··· Entries provided ···

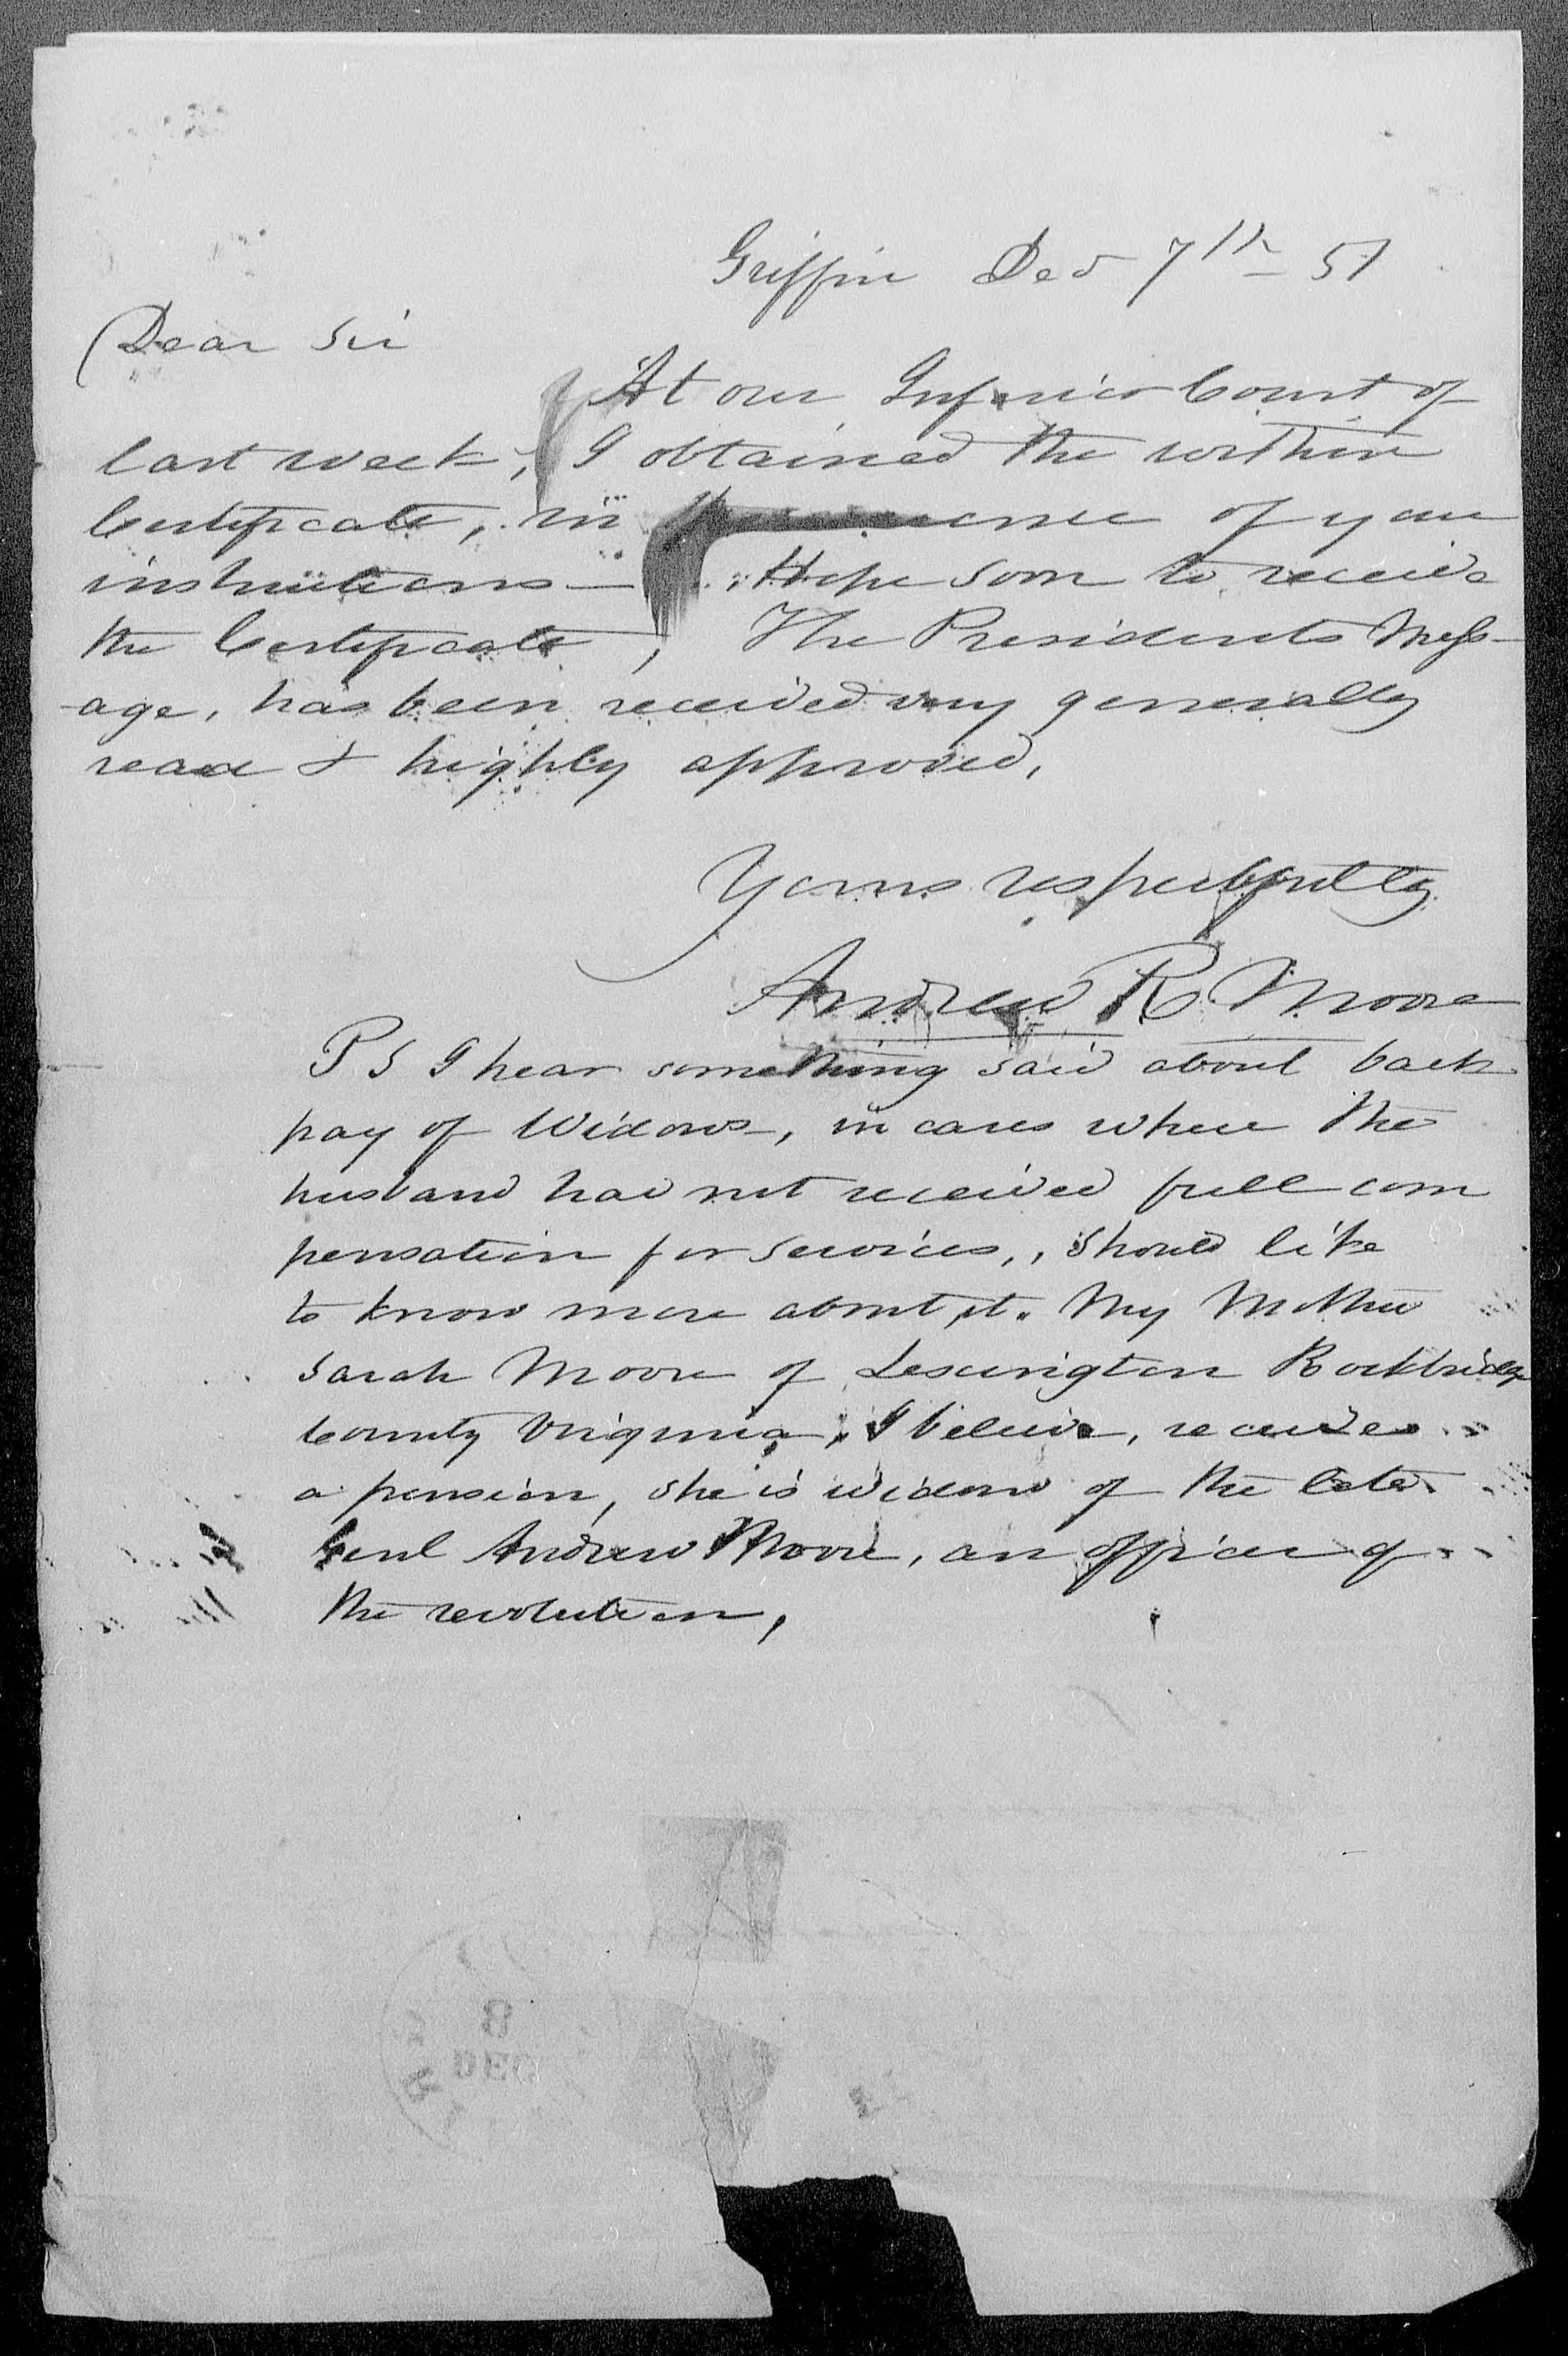Griffin Dec 7th 1857

Dear Sir,
At our Inferior Court of last week, I obtained the within certificate in the 
 _____ ense of your instructions. 
Hope soon to receive the 
certificate. 
The Presidents Message has been received very generally highly approved.
Yours respectfully
Andrew H Moore
-
P I hear something said about back
pay of Widows, in cases where the
husband had not received full com
pensation for services, should like
to know more about it, my Mother
Sarah Moore of Lexington Roll
County Virginia & I believe, receives
a pension, she is widow of the late
Genl Andrew Moore, an officer of
the revolution.

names: Sarah Moore, Andrew R Moore, Andrew Moore
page: 60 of 73
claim: widow's
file: W. 5,894, John Cash, Va.
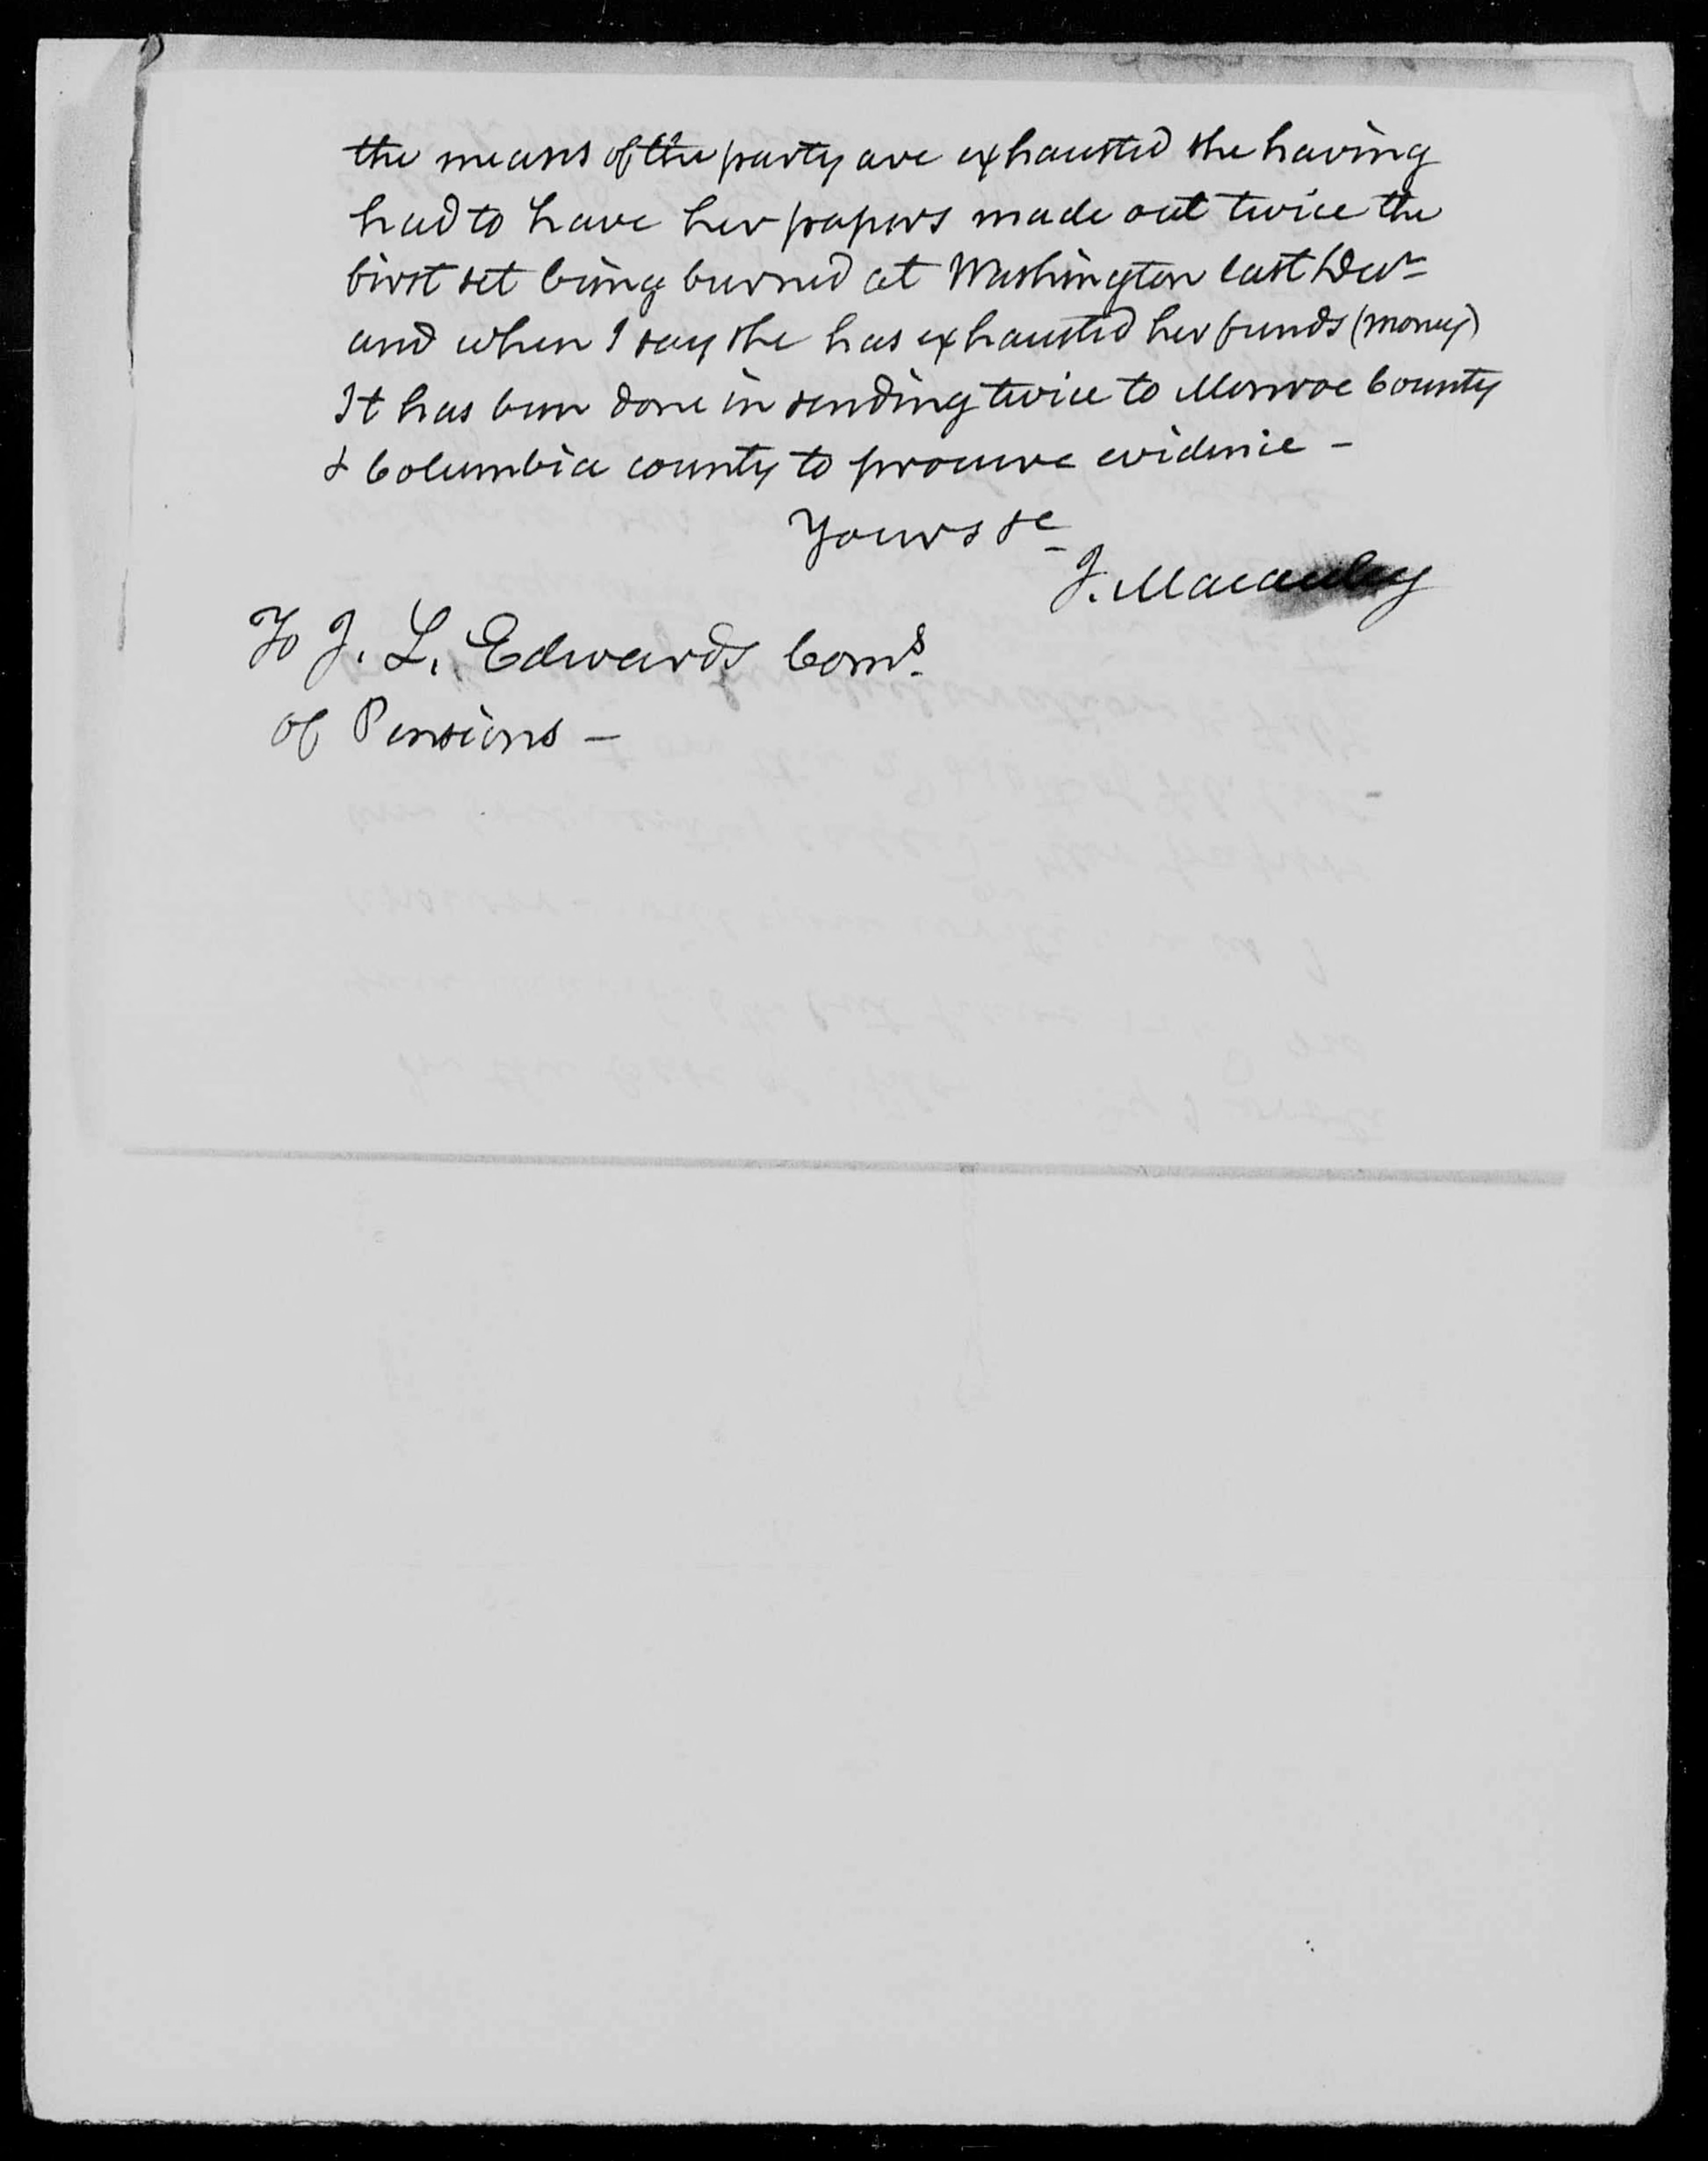[handwritten]

the means of the party are exhausted she having had to have her papers made out twice the first set being burned at Washington last [?] and when I say she has exhausted her funds (money) It has been done in sending twice to Monroe County & Columbia County to procure evidence - 
Yours &c
J. Macanley

To J. L. Edwards Coms. of Pensions

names: J L Edwards, J Macanlay
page: 27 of 30
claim: rejected
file: R. 4927, Conrad Hess, New York

···

## Work task
Would you state how many lines of the data above hold the string "file"? Reply with the number alone.

## Reply
2